In short, the tracing tool shows that there are two memory copies, one at the beginning and one at the end (I guess when committing the result back to the host). I then tried with USM memory allocations, one host and one shared, and there is no memory copy, but allocation time is there so overall time execution, there are no benefits.
I can’t really do anything about the hidden comment, I’m afraid. I’d be really interested to see the trace! I might be able to ask someone to check what’s happening.

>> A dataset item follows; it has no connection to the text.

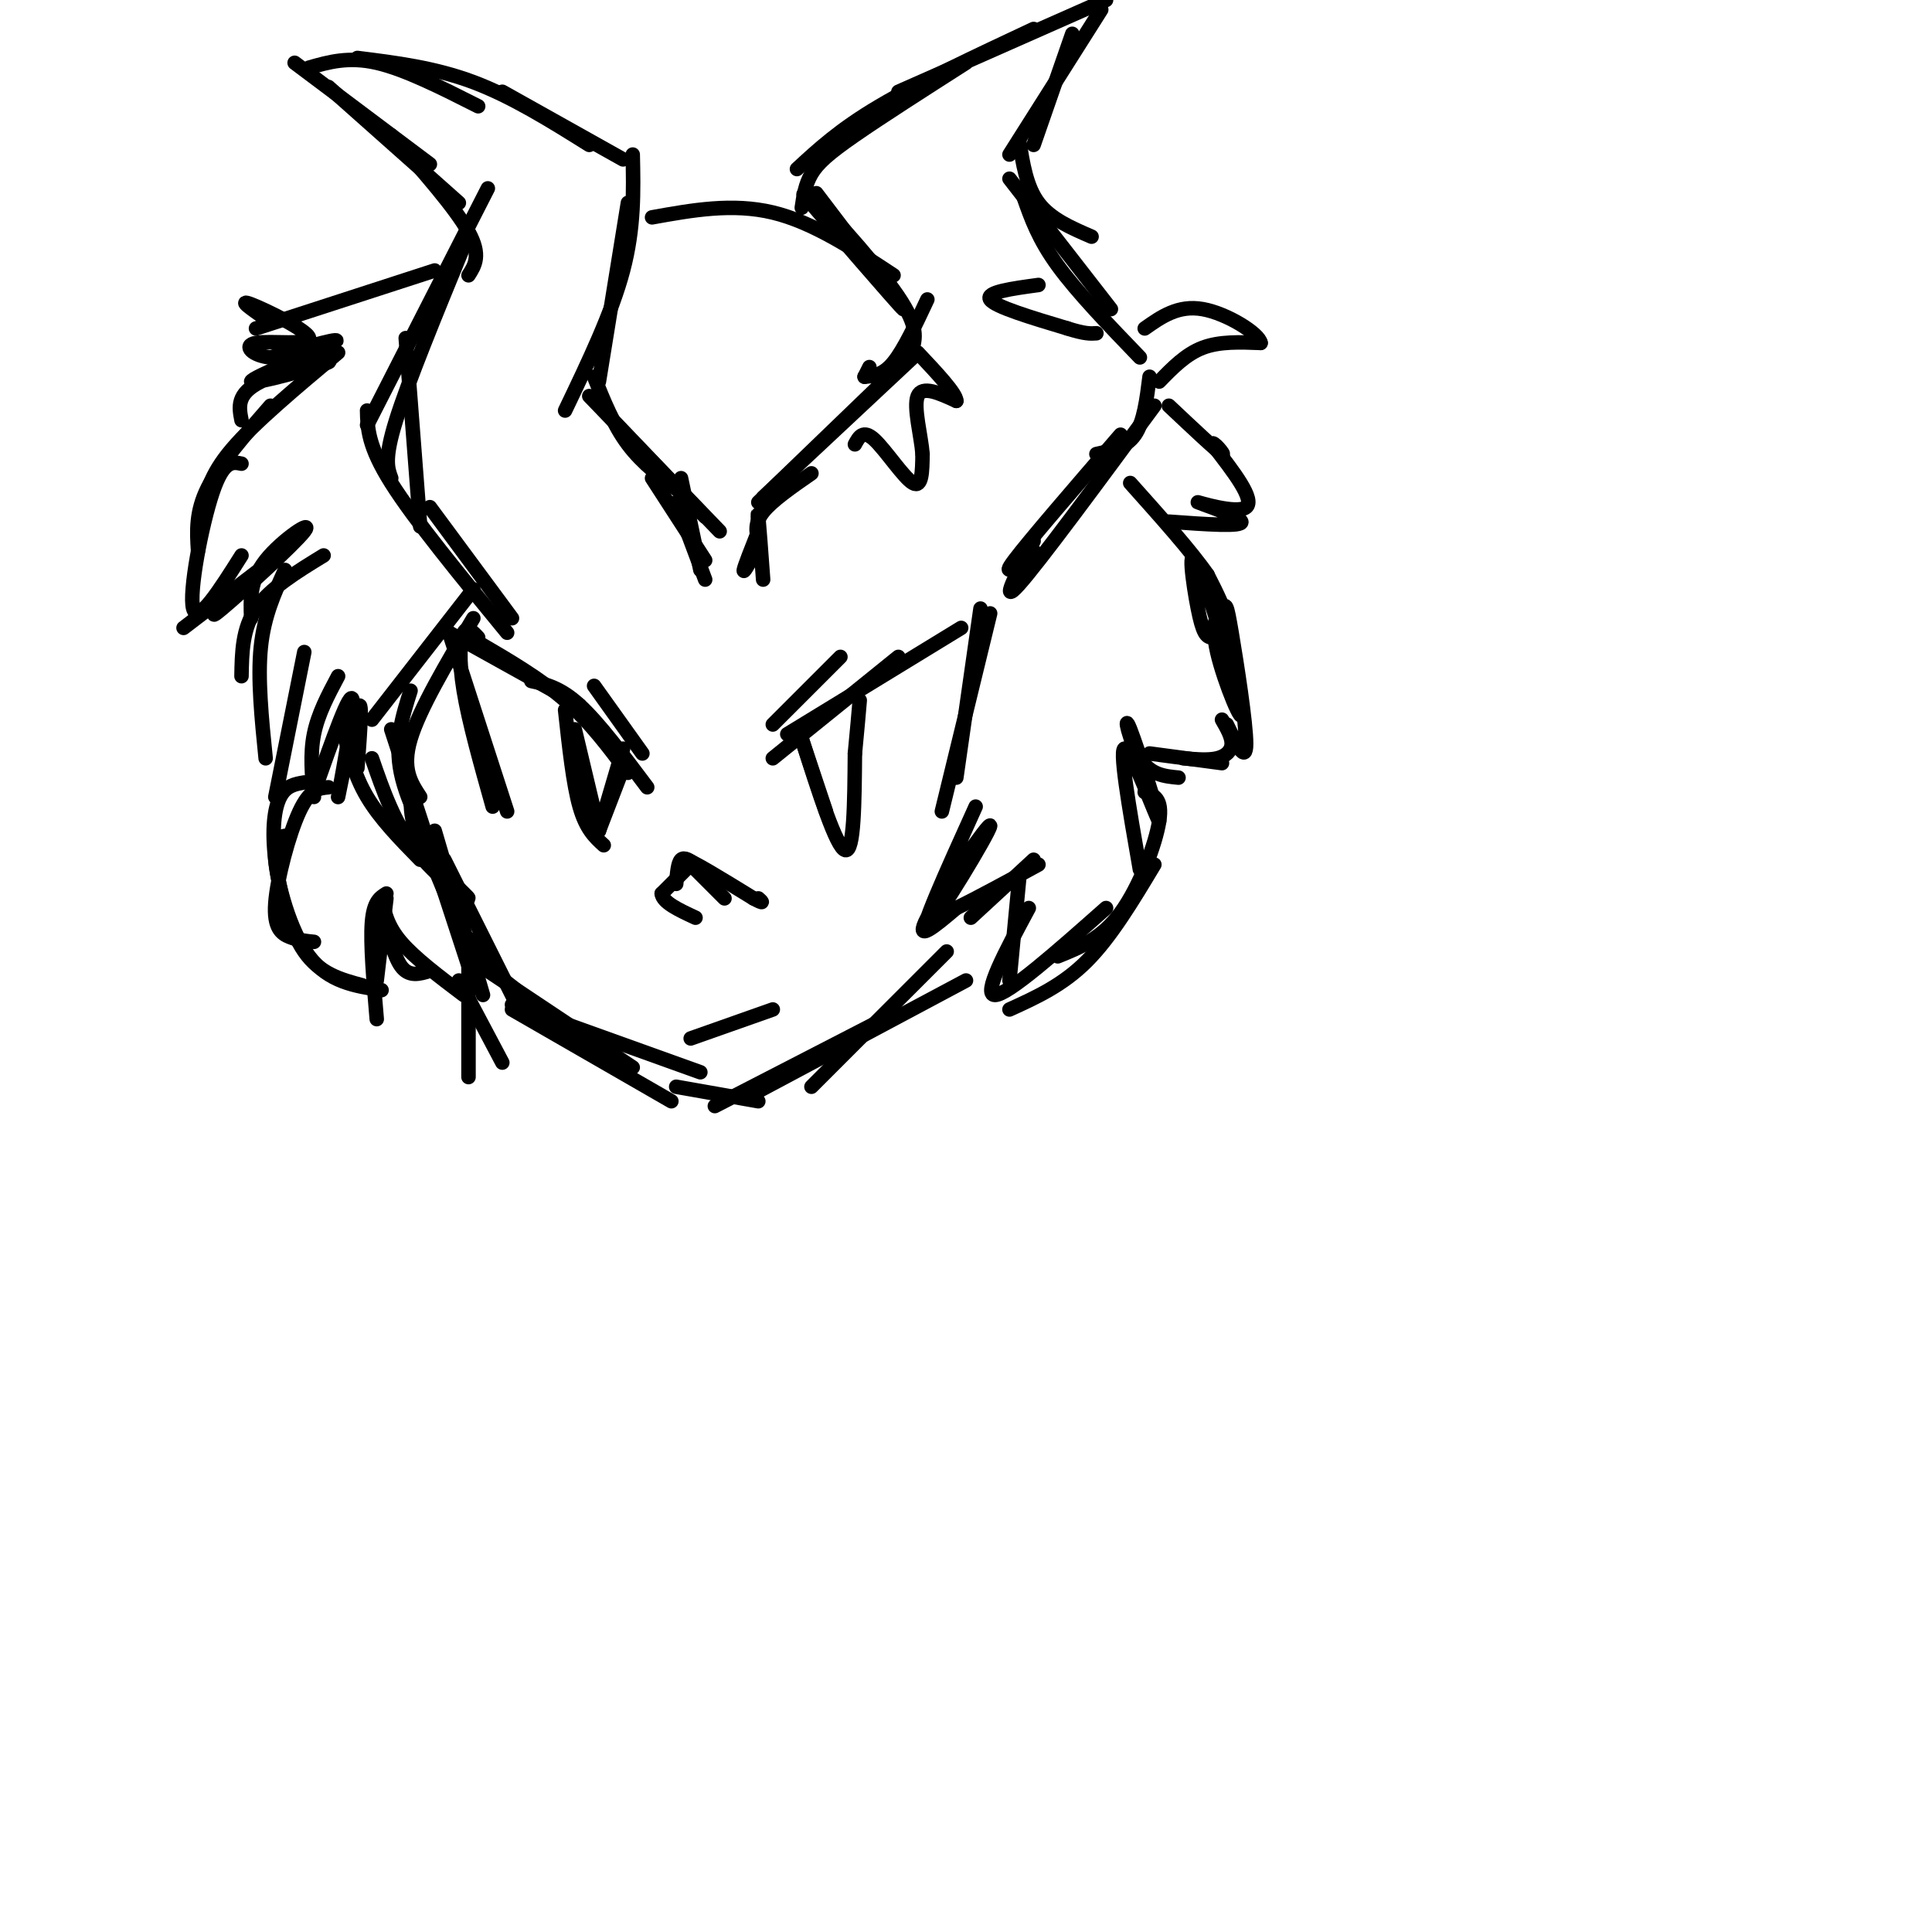 <svg viewBox='0 0 400 400' version='1.1' xmlns='http://www.w3.org/2000/svg' xmlns:xlink='http://www.w3.org/1999/xlink'><g fill='none' stroke='rgb(0,0,0)' stroke-width='3' stroke-linecap='round' stroke-linejoin='round'><path d='M134,163c-5.000,-6.667 -10.000,-13.333 -14,-17c-4.000,-3.667 -7.000,-4.333 -10,-5'/><path d='M130,160c-3.917,-5.250 -7.833,-10.500 -13,-15c-5.167,-4.500 -11.583,-8.250 -18,-12'/><path d='M120,146c0.000,0.000 -27.000,-15.000 -27,-15'/><path d='M99,132c-1.133,-1.222 -2.267,-2.444 -3,-1c-0.733,1.444 -1.067,5.556 0,12c1.067,6.444 3.533,15.222 6,24'/><path d='M93,131c0.000,0.000 12.000,37.000 12,37'/><path d='M119,151c0.000,0.000 5.000,21.000 5,21'/><path d='M117,147c0.833,7.667 1.667,15.333 3,20c1.333,4.667 3.167,6.333 5,8'/><path d='M124,172c0.000,0.000 5.000,-13.000 5,-13'/><path d='M124,172c0.000,0.000 5.000,-17.000 5,-17'/><path d='M160,157c0.000,0.000 26.000,-21.000 26,-21'/><path d='M163,152c0.000,0.000 36.000,-22.000 36,-22'/><path d='M203,126c0.000,0.000 -5.000,35.000 -5,35'/><path d='M205,127c0.000,0.000 -10.000,41.000 -10,41'/><path d='M166,153c0.000,0.000 5.000,15.000 5,15'/><path d='M166,153c3.583,11.250 7.167,22.500 9,23c1.833,0.500 1.917,-9.750 2,-20'/><path d='M177,156c0.500,-5.167 0.750,-8.083 1,-11'/><path d='M123,142c0.000,0.000 10.000,14.000 10,14'/><path d='M160,150c0.000,0.000 14.000,-14.000 14,-14'/><path d='M106,128c0.000,0.000 -17.000,-23.000 -17,-23'/><path d='M105,131c-9.583,-11.667 -19.167,-23.333 -24,-31c-4.833,-7.667 -4.917,-11.333 -5,-15'/><path d='M87,109c0.000,0.000 -3.000,-39.000 -3,-39'/><path d='M81,99c-0.750,-2.000 -1.500,-4.000 1,-12c2.500,-8.000 8.250,-22.000 14,-36'/><path d='M76,88c0.000,0.000 25.000,-49.000 25,-49'/><path d='M97,57c1.333,-2.083 2.667,-4.167 0,-9c-2.667,-4.833 -9.333,-12.417 -16,-20'/><path d='M95,42c0.000,0.000 -27.000,-24.000 -27,-24'/><path d='M89,34c0.000,0.000 -28.000,-21.000 -28,-21'/><path d='M64,14c4.083,-1.167 8.167,-2.333 14,-1c5.833,1.333 13.417,5.167 21,9'/><path d='M74,12c8.000,1.000 16.000,2.000 24,5c8.000,3.000 16.000,8.000 24,13'/><path d='M104,19c0.000,0.000 25.000,14.000 25,14'/><path d='M131,32c0.167,7.583 0.333,15.167 -2,24c-2.333,8.833 -7.167,18.917 -12,29'/><path d='M130,42c0.000,0.000 -6.000,37.000 -6,37'/><path d='M123,78c2.000,5.000 4.000,10.000 7,14c3.000,4.000 7.000,7.000 11,10'/><path d='M122,82c0.000,0.000 27.000,28.000 27,28'/><path d='M125,85c0.000,0.000 21.000,22.000 21,22'/><path d='M135,99c0.000,0.000 11.000,17.000 11,17'/><path d='M141,99c0.000,0.000 4.000,19.000 4,19'/><path d='M140,104c0.000,0.000 6.000,16.000 6,16'/><path d='M158,120c-0.417,-5.667 -0.833,-11.333 -1,-13c-0.167,-1.667 -0.083,0.667 0,3'/><path d='M156,115c-1.083,1.917 -2.167,3.833 -2,3c0.167,-0.833 1.583,-4.417 3,-8'/><path d='M157,112c-0.417,-1.833 -0.833,-3.667 1,-6c1.833,-2.333 5.917,-5.167 10,-8'/><path d='M157,104c0.000,0.000 28.000,-27.000 28,-27'/><path d='M158,103c0.000,0.000 31.000,-29.000 31,-29'/><path d='M179,78c0.000,0.000 1.000,-2.000 1,-2'/><path d='M179,78c1.917,-0.167 3.833,-0.333 6,-3c2.167,-2.667 4.583,-7.833 7,-13'/><path d='M189,72c0.565,-2.442 1.129,-4.884 -4,-12c-5.129,-7.116 -15.952,-18.907 -14,-16c1.952,2.907 16.679,20.514 16,20c-0.679,-0.514 -16.766,-19.147 -20,-23c-3.234,-3.853 6.383,7.073 16,18'/><path d='M183,59c0.333,-0.167 -6.833,-9.583 -14,-19'/><path d='M166,43c0.356,-2.400 0.711,-4.800 2,-7c1.289,-2.200 3.511,-4.200 9,-8c5.489,-3.800 14.244,-9.400 23,-15'/><path d='M165,35c4.417,-4.083 8.833,-8.167 17,-13c8.167,-4.833 20.083,-10.417 32,-16'/><path d='M186,19c0.000,0.000 43.000,-19.000 43,-19'/><path d='M228,2c0.000,0.000 -19.000,30.000 -19,30'/><path d='M222,7c0.000,0.000 -8.000,23.000 -8,23'/><path d='M211,29c0.750,4.833 1.500,9.667 4,13c2.500,3.333 6.750,5.167 11,7'/><path d='M209,37c0.000,0.000 21.000,27.000 21,27'/><path d='M212,41c1.500,4.250 3.000,8.500 7,14c4.000,5.500 10.500,12.250 17,19'/><path d='M238,78c-0.583,4.667 -1.167,9.333 -3,12c-1.833,2.667 -4.917,3.333 -8,4'/><path d='M239,84c-11.917,16.167 -23.833,32.333 -28,37c-4.167,4.667 -0.583,-2.167 3,-9'/><path d='M232,90c-9.500,11.000 -19.000,22.000 -22,26c-3.000,4.000 0.500,1.000 4,-2'/><path d='M98,122c0.000,0.000 -21.000,27.000 -21,27'/><path d='M98,128c-5.583,9.417 -11.167,18.833 -13,25c-1.833,6.167 0.083,9.083 2,12'/><path d='M85,143c-1.667,5.250 -3.333,10.500 -2,17c1.333,6.500 5.667,14.250 10,22'/><path d='M85,163c-0.024,4.179 -0.048,8.357 3,13c3.048,4.643 9.167,9.750 9,10c-0.167,0.250 -6.619,-4.357 -11,-10c-4.381,-5.643 -6.690,-12.321 -9,-19'/><path d='M87,178c-4.167,-4.250 -8.333,-8.500 -11,-13c-2.667,-4.500 -3.833,-9.250 -5,-14'/><path d='M74,159c0.589,-7.815 1.179,-15.631 0,-12c-1.179,3.631 -4.125,18.708 -4,18c0.125,-0.708 3.321,-17.202 3,-20c-0.321,-2.798 -4.161,8.101 -8,19'/><path d='M65,165c-0.417,-4.417 -0.833,-8.833 0,-13c0.833,-4.167 2.917,-8.083 5,-12'/><path d='M57,165c0.000,0.000 6.000,-30.000 6,-30'/><path d='M55,157c-0.833,-8.250 -1.667,-16.500 -1,-23c0.667,-6.500 2.833,-11.250 5,-16'/><path d='M50,140c0.083,-4.917 0.167,-9.833 3,-14c2.833,-4.167 8.417,-7.583 14,-11'/><path d='M52,128c-0.161,-3.893 -0.321,-7.786 3,-12c3.321,-4.214 10.125,-8.750 8,-6c-2.125,2.750 -13.179,12.786 -17,16c-3.821,3.214 -0.411,-0.393 3,-4'/><path d='M55,117c0.000,0.000 -17.000,13.000 -17,13'/><path d='M50,115c-4.533,7.178 -9.067,14.356 -10,11c-0.933,-3.356 1.733,-17.244 4,-24c2.267,-6.756 4.133,-6.378 6,-6'/><path d='M41,114c-0.250,-4.000 -0.500,-8.000 2,-13c2.500,-5.000 7.750,-11.000 13,-17'/><path d='M42,106c0.667,-3.750 1.333,-7.500 6,-13c4.667,-5.500 13.333,-12.750 22,-20'/><path d='M50,87c-0.536,-2.738 -1.072,-5.477 4,-8c5.072,-2.523 15.751,-4.831 14,-4c-1.751,0.831 -15.933,4.801 -16,4c-0.067,-0.801 13.981,-6.372 17,-8c3.019,-1.628 -4.990,0.686 -13,3'/><path d='M56,74c-3.558,-0.276 -5.954,-2.466 -3,-3c2.954,-0.534 11.257,0.587 11,-1c-0.257,-1.587 -9.073,-5.882 -12,-7c-2.927,-1.118 0.037,0.941 3,3'/><path d='M53,68c0.000,0.000 37.000,-12.000 37,-12'/><path d='M150,186c0.000,0.000 -8.000,-8.000 -8,-8'/><path d='M142,178c1.000,0.000 7.500,4.000 14,8'/><path d='M156,186c2.500,1.333 1.750,0.667 1,0'/><path d='M144,179c-1.167,-0.833 -2.333,-1.667 -3,-1c-0.667,0.667 -0.833,2.833 -1,5'/><path d='M143,179c0.000,0.000 -6.000,6.000 -6,6'/><path d='M137,185c0.167,1.833 3.583,3.417 7,5'/><path d='M88,175c0.000,0.000 5.000,12.000 5,12'/><path d='M81,151c0.000,0.000 16.000,49.000 16,49'/><path d='M90,172c0.000,0.000 10.000,34.000 10,34'/><path d='M92,178c0.000,0.000 15.000,30.000 15,30'/><path d='M99,194c-1.000,1.083 -2.000,2.167 2,6c4.000,3.833 13.000,10.417 22,17'/><path d='M101,201c0.000,0.000 30.000,20.000 30,20'/><path d='M106,209c0.000,0.000 33.000,19.000 33,19'/><path d='M106,208c0.000,0.000 39.000,14.000 39,14'/><path d='M140,225c0.000,0.000 17.000,3.000 17,3'/><path d='M148,229c0.000,0.000 33.000,-17.000 33,-17'/><path d='M155,227c0.000,0.000 45.000,-24.000 45,-24'/><path d='M168,225c0.000,0.000 28.000,-28.000 28,-28'/><path d='M202,167c-6.119,13.518 -12.238,27.036 -10,25c2.238,-2.036 12.833,-19.625 13,-21c0.167,-1.375 -10.095,13.464 -13,19c-2.905,5.536 1.548,1.768 6,-2'/><path d='M198,188c3.833,-1.833 10.417,-5.417 17,-9'/><path d='M201,190c0.000,0.000 13.000,-12.000 13,-12'/><path d='M68,163c-1.911,0.167 -3.821,0.333 -6,5c-2.179,4.667 -4.625,13.833 -5,19c-0.375,5.167 1.321,6.333 3,7c1.679,0.667 3.339,0.833 5,1'/><path d='M63,162c-1.893,0.321 -3.786,0.643 -5,3c-1.214,2.357 -1.750,6.750 -1,13c0.750,6.250 2.786,14.357 6,19c3.214,4.643 7.607,5.821 12,7'/><path d='M60,173c-1.711,0.044 -3.422,0.089 -3,5c0.422,4.911 2.978,14.689 7,20c4.022,5.311 9.511,6.156 15,7'/><path d='M78,211c-0.667,-7.833 -1.333,-15.667 -1,-20c0.333,-4.333 1.667,-5.167 3,-6'/><path d='M78,203c0.000,0.000 2.000,-17.000 2,-17'/><path d='M79,187c1.167,5.333 2.333,10.667 4,13c1.667,2.333 3.833,1.667 6,1'/><path d='M79,186c0.583,2.833 1.167,5.667 4,9c2.833,3.333 7.917,7.167 13,11'/><path d='M97,198c0.000,0.000 0.000,25.000 0,25'/><path d='M95,203c0.000,0.000 9.000,17.000 9,17'/><path d='M211,182c0.000,0.000 -2.000,21.000 -2,21'/><path d='M213,188c-4.833,9.000 -9.667,18.000 -7,18c2.667,0.000 12.833,-9.000 23,-18'/><path d='M209,209c5.500,-2.500 11.000,-5.000 16,-10c5.000,-5.000 9.500,-12.500 14,-20'/><path d='M219,198c4.533,-1.822 9.067,-3.644 13,-9c3.933,-5.356 7.267,-14.244 8,-19c0.733,-4.756 -1.133,-5.378 -3,-6'/><path d='M236,180c-2.246,-12.882 -4.491,-25.764 -3,-25c1.491,0.764 6.719,15.174 7,15c0.281,-0.174 -4.386,-14.931 -6,-19c-1.614,-4.069 -0.175,2.552 2,6c2.175,3.448 5.088,3.724 8,4'/><path d='M238,156c0.000,0.000 15.000,2.000 15,2'/><path d='M245,157c2.578,0.222 5.156,0.444 7,0c1.844,-0.444 2.956,-1.556 3,-3c0.044,-1.444 -0.978,-3.222 -2,-5'/><path d='M254,150c1.994,4.115 3.988,8.230 4,4c0.012,-4.230 -1.957,-16.807 -3,-23c-1.043,-6.193 -1.160,-6.004 -2,-5c-0.840,1.004 -2.403,2.824 -1,9c1.403,6.176 5.774,16.709 5,12c-0.774,-4.709 -6.691,-24.660 -9,-30c-2.309,-5.340 -1.011,3.929 0,9c1.011,5.071 1.734,5.942 3,6c1.266,0.058 3.076,-0.698 3,-3c-0.076,-2.302 -2.038,-6.151 -4,-10'/><path d='M250,119c-3.333,-4.833 -9.667,-11.917 -16,-19'/><path d='M177,92c0.844,-1.556 1.689,-3.111 4,-1c2.311,2.111 6.089,7.889 8,9c1.911,1.111 1.956,-2.444 2,-6'/><path d='M191,94c-0.267,-3.644 -1.933,-9.756 -1,-12c0.933,-2.244 4.467,-0.622 8,1'/><path d='M198,83c0.000,-1.500 -4.000,-5.750 -8,-10'/><path d='M215,59c-5.500,0.750 -11.000,1.500 -10,3c1.000,1.500 8.500,3.750 16,6'/><path d='M221,68c3.667,1.167 4.833,1.083 6,1'/><path d='M242,108c7.696,0.560 15.393,1.119 15,0c-0.393,-1.119 -8.875,-3.917 -9,-4c-0.125,-0.083 8.107,2.548 10,1c1.893,-1.548 -2.554,-7.274 -7,-13'/><path d='M251,92c-0.156,-1.133 2.956,2.533 2,2c-0.956,-0.533 -5.978,-5.267 -11,-10'/><path d='M240,79c2.750,-2.833 5.500,-5.667 9,-7c3.500,-1.333 7.750,-1.167 12,-1'/><path d='M261,71c-0.267,-1.889 -6.933,-6.111 -12,-7c-5.067,-0.889 -8.533,1.556 -12,4'/><path d='M185,57c-8.333,-5.500 -16.667,-11.000 -25,-13c-8.333,-2.000 -16.667,-0.500 -25,1'/><path d='M143,215c0.000,0.000 17.000,-6.000 17,-6'/></g>
</svg>

Here is the trace when using buffers: LINK
And here is the using the USM allocation LINK
I also tested using OpenCL platform and I can see an improvement, there is no copy then, but still OpenCV performs better. I thought that my image is small to see the difference, but then I just multiplied the image 10 times just to simulate big data. OpenCV is still better by 4 times.